Passado o período de ajustes, cada um fazendo seu ponto, começaram a mostrar seus verdadeiros interesses. Jair governar, a seu modo, a Pátria Amada, atropelando a Constituição Federal. O outro, ex-ministro buscando espaço na mídia para projetos políticos futuros. Até ontem Moro era o herói de Messias. Hoje, Moro é o traíra e aproveitador do cargo que exercia. Tudo isso acontecendo na maior crise econômica do planeta de mãos dadas à pandemia provocada pelo Coronavírus.

A seguir vamos mostrar, por enquanto, o desenrolar da demissão de Moro. São trechos das trocas de acusações entre Jair, Sergio com participação especial da dita deputada Carla Z., bem aproximada de Messias. Ela chama o presidente, de JB. A mercadoria toda postada em seu celular, mostra que Jair é bem mais culpado.

Ao realizado seu pronunciamento, na tarde de ontem, o presidente acusou Moro de negociar a saída de Maurício Valeixo, ex-diretor da Polícia Federal, em troca da sua nomeação para o Supremo Tribunal Federal (STF). “Mais de uma vez o senhor Sérgio Moro falou pra mim, você pode trocar o Valeixo sim, mas em novembro, depois que o senhor me indicar para o Supremo Tribunal Federal”, afirmou o Bolsonaro.

Por sua vez, Sérgio Moro divulgou trecho de conversa com a deputada federal do PSL e aliada de Bolsonaro. Na conversa, Carla Zambelli diz: “Por favor, ministro, aceite o Ramage”, em referência a Alexandre Ramagem, diretor-geral da Agência Brasileira de Inteligência, a Abin, um dos nomes cotados pelo presidente para assumir o controle da Polícia Federal. Ela completa, propondo a ida de Moro para o Supremo. “E vá em setembro para o STF. Eu me comprometo a ajudar. A fazer JB (Jair Bolsonaro) prometer”. 

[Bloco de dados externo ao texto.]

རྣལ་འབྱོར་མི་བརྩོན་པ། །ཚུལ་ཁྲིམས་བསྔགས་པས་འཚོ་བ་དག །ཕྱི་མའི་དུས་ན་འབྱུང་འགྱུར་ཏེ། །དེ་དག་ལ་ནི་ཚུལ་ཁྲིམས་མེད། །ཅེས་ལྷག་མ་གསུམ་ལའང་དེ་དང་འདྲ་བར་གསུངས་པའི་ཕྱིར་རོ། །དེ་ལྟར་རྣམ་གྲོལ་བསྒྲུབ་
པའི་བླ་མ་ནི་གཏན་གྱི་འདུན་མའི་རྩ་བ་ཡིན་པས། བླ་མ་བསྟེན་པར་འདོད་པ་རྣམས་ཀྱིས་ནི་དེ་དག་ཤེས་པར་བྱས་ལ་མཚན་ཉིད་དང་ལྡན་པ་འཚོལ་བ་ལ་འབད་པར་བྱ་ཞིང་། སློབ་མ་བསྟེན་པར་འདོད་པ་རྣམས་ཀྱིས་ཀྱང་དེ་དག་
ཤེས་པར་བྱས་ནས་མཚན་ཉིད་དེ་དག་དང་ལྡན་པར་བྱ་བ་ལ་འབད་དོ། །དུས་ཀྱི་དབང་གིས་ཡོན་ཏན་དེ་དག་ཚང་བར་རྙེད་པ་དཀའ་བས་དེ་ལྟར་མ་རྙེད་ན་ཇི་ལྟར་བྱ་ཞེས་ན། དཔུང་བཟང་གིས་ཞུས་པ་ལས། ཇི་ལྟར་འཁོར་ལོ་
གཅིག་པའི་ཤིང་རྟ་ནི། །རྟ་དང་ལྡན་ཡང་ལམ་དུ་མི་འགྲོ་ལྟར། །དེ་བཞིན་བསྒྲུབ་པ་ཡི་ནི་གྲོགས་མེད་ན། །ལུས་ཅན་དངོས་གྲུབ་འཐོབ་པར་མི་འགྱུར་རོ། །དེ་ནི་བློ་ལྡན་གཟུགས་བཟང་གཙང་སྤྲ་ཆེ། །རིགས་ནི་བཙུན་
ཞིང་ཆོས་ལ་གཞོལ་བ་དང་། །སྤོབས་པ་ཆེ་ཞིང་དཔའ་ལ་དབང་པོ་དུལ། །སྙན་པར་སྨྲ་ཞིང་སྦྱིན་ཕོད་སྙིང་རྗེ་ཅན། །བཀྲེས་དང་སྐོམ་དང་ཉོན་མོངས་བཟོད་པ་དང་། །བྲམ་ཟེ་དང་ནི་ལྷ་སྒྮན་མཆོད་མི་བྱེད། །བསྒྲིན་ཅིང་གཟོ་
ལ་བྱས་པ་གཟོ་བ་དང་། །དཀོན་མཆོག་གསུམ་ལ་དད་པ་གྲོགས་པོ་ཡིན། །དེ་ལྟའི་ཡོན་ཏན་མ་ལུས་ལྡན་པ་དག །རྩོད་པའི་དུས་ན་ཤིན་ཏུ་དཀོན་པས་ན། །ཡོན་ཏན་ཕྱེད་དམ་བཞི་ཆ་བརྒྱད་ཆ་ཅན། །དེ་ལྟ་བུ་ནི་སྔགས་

Eis que Moro diz: “Não estou à venda”. Zambelli insiste: “Ministro, por favor…… milhões de brasileiros vão se desfazer”. Respondendo ao dito por Moro, ela diz: “Eu sei. Por Deus eu sei. Se existe alguém no Brasil que não está a verba é o sr” (Sic). “A verba” parece ser erro de digitação para “à venda”. 

Sergio Moro conclui a conversa dizendo: “Vamos aguardar, já há pessoas conversando lá”, em referência a tentativa de aliados de convencer o presidente a mudar de ideia.  

Logo em seguida, Moro negou a acusação por meio de uma rede social, no início da noite de ontem (24/04). “A permanência do Diretor Geral da PF, Maurício Valeixo, nunca foi utilizada como moeda de troca para minha nomeação para o STF. Aliás, se fosse esse o meu objetivo, teria concordado ontem com a substituição do Diretor Geral da PF”, disse o ex-juiz na publicação.